③ “Recently Kim Jong Il sent down an unprecedented document complimenting on the hard work of the (nuclear) development team”

The sources of the above information are not transparent and such internal rumors are unreliable.

If, however, in reality North Korea does not have capacity or desire to conduct a nuclear testing, then it cannot be anything else but North Korean strategy to create fear with false threats in order to manipulate the six party talks or negotiations with the US. We can just ignore it.

About the second information, if the missile testing is true, then North Korean “whining” will be much more elevated.

However, if the third information is true, that the small nuclear weapon production was successfully achieved, then we must understand Kim Jong Il’s persistent nuclear pursuant as his “new survival strategy.”

Kim Jong Il is Likely to Make a Subjective Decision

Which of them will be the right answer? Among the North Korea experts, the optimistic beliefs of either that there is zero possibility of nuclear testing or it is “a new bargaining strategy” are dominantly pervasive.

Such optimists argue, “If the decision is made subjectively, there is nothing North Korean can gain from the nuclear testing.” Even if North Korea had capacity to conduct a nuclear testing, they argue, “if North Korea enforces nuclear testing, it will be self destructed with the nuclear” (Ban Ki Mun, ROK minister of Foreign Affairs and Trade). From this perspective, the “something good” that can happen to North Korea in June would mean its return to the six party talks.

In reality, if we look at the matter in an objective and unemotional, we could make such kind of analysis. However, the important point here is whether Kim Jong Il is capable of making an unemotional and objective decision. I have a great doubt on Kim Jong Il’s decision making ability from what I have studied of him. It is highly likely that Kim Jong Il will be driven by the internal atmosphere, in other words North Korea’s internal political forces, and lose objectivity and make a subjective decision.
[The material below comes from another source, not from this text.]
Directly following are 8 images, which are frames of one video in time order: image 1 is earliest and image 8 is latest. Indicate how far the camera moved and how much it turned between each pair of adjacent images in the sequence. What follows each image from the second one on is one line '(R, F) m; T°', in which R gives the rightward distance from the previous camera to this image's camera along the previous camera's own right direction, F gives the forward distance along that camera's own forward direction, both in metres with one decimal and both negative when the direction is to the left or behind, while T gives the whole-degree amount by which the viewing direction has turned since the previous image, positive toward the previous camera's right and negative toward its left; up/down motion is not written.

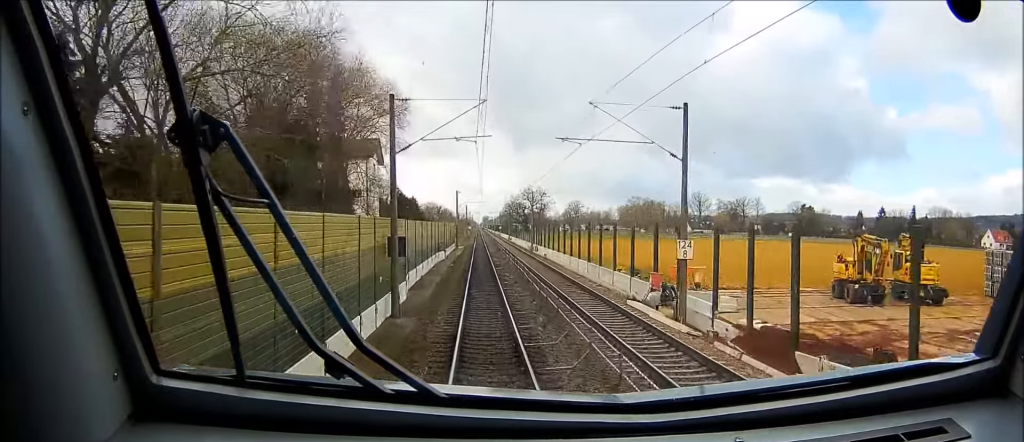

Taking such an assumption as the premise, we are more drawn to believe that the first information (something good to happen in June) refers to the nuclear testing. If North Korea conducts a nuclear testing, then the nuclear becomes something beyond negotiating tool. This is because North Korea will only conduct nuclear testing in a clear calculation that it has more to lose than to gain.

The present goal of North Korea is development of Nuclear Warheads and Missile for Launch

In that case, what would be the reason Kim Jong Il will choose nuclear testing? I think it is right to believe that their ultimate goal is development of small-scale nuclear deployment and means to launch it (modern missile) which will include Japan in the range.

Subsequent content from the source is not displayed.